Welcome to Throwback Thursday, a weekly photo feature in which we sift 116 years of Forward history to find snapshots of women’s lives.

Standing out in a series of photographs in our archive depicting the artwork of painter Alexandra Pregel (1907-1984), published in the Forverts in 1948, is a striking portrait of an elderly woman whose melancholic gaze and soft posture belie the historic role she played as intellectual salonniere, revolutionist, publisher and artistic midwife to the early modern Soviet creative class of three different countries.

Maria Samoilovna Zetlin (1882-1976), seen here in a portrait by her daughter the artist, was born Maria Tumarkina in Moscow to an artisanal jeweler. Completing her doctorate in philosophy at the University of Bern in Switzerland in the early 1900s, she was a revolutionist and member of the Socialist party. In Bern she then met and fell in love with fellow activist Nikolai Avksentiev who was shortly to become her fellow prison-mate after the failed 1905 revolution, and it was there, in 1906 that they married. When Avksentiev was sentenced to Siberian exile, Maria followed him there — and when he escaped — she returned to Moscow, found passage for herself to Helsinki, Finland where she gave birth to daughter Alexandra. Divorcing in 1910, she then married Mikhail Zetlin, a descendent of Zionist activists and heir to the famous Wissotzky Jewish tea fortune, whom she had met earlier at university.

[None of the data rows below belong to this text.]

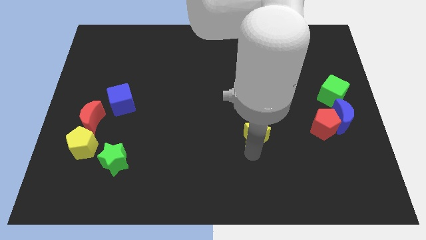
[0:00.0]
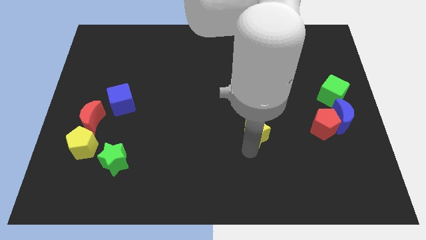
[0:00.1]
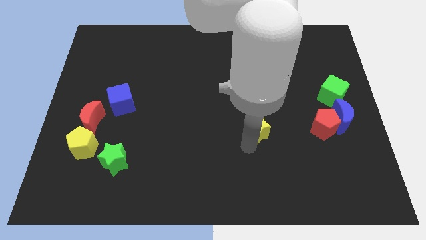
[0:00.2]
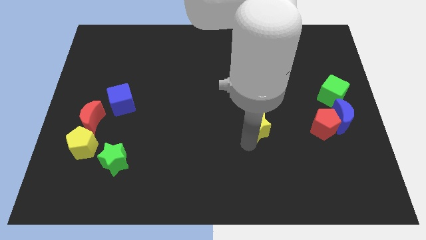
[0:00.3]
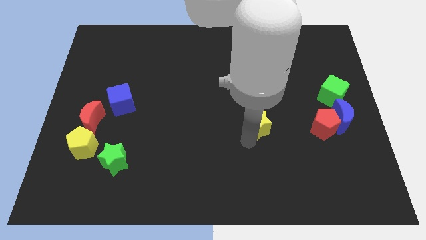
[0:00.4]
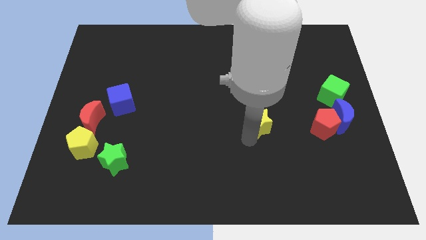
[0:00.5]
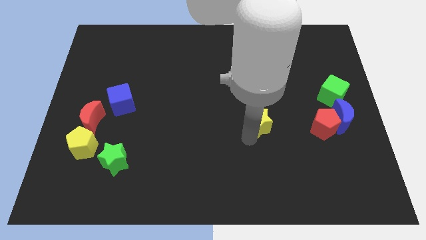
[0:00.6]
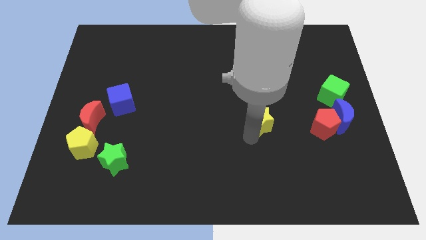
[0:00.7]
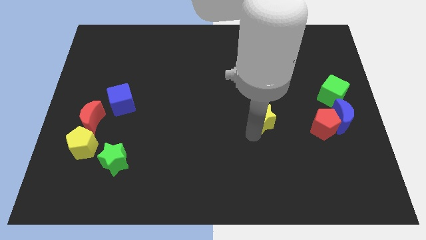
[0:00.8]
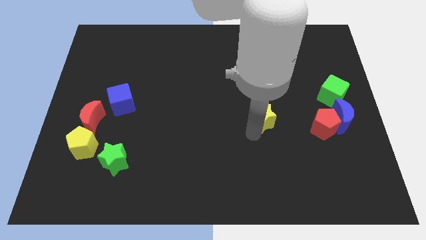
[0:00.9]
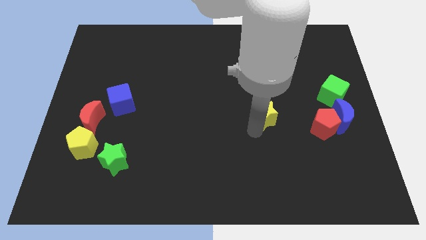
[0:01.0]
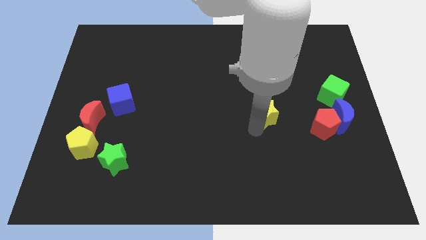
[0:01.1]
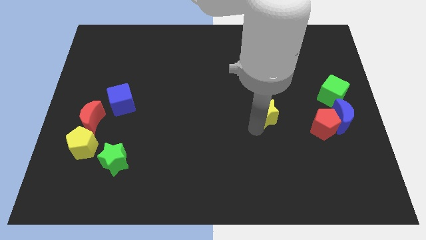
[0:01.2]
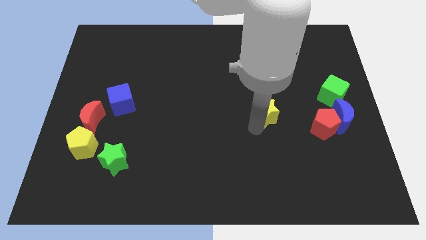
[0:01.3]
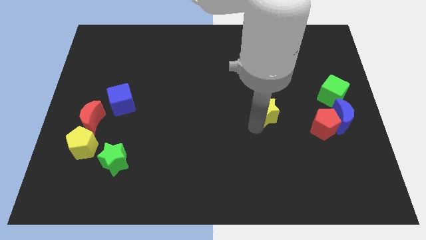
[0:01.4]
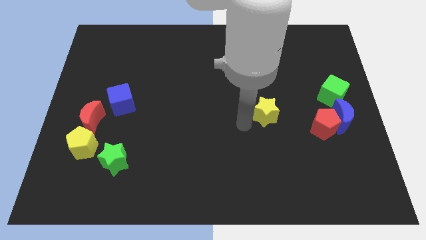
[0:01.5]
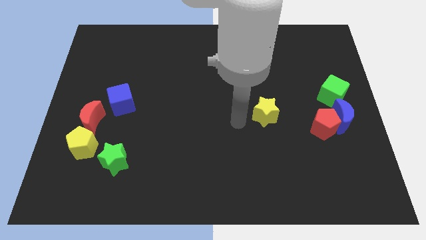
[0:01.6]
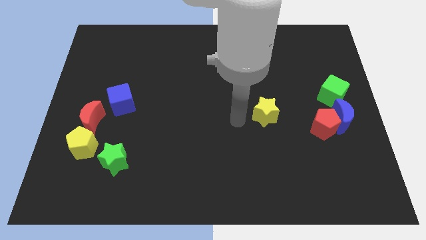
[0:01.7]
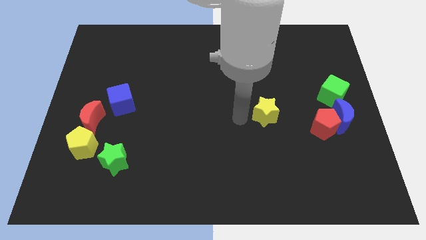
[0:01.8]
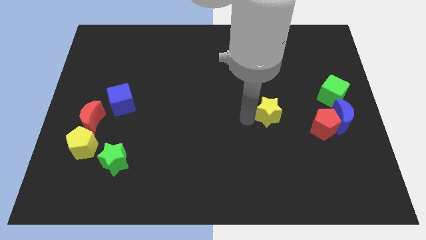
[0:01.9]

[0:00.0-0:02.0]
place the yellow star to the left of red pentagon

They set up home in Biarritz, France where in 1912 a son Valentin was born. Inspired by the rumors of the upcoming revolution, they returned to Moscow in 1917 where daughter Angelina was born. Their home welcomed artists and intellectuals of the day, reportedly immortalized in the writings of Pasternak and Mayakovsky. Debuts were a common feature at their salon but by 1919 they gave up hope of a reformed democratic Russia and left for Paris where Zetlin, by then a published poet, critic and researcher found work primarily as an editor. Their Paris salon welcomed artists as diverse as Picasso and Diego Rivera and was a critical source of artistic support for Russian artist émigrés including Natalia Gonchorova, an influence on Alexandra’s developing artistic vision, and considered by many to the be the mother of Soviet avant-garde painting.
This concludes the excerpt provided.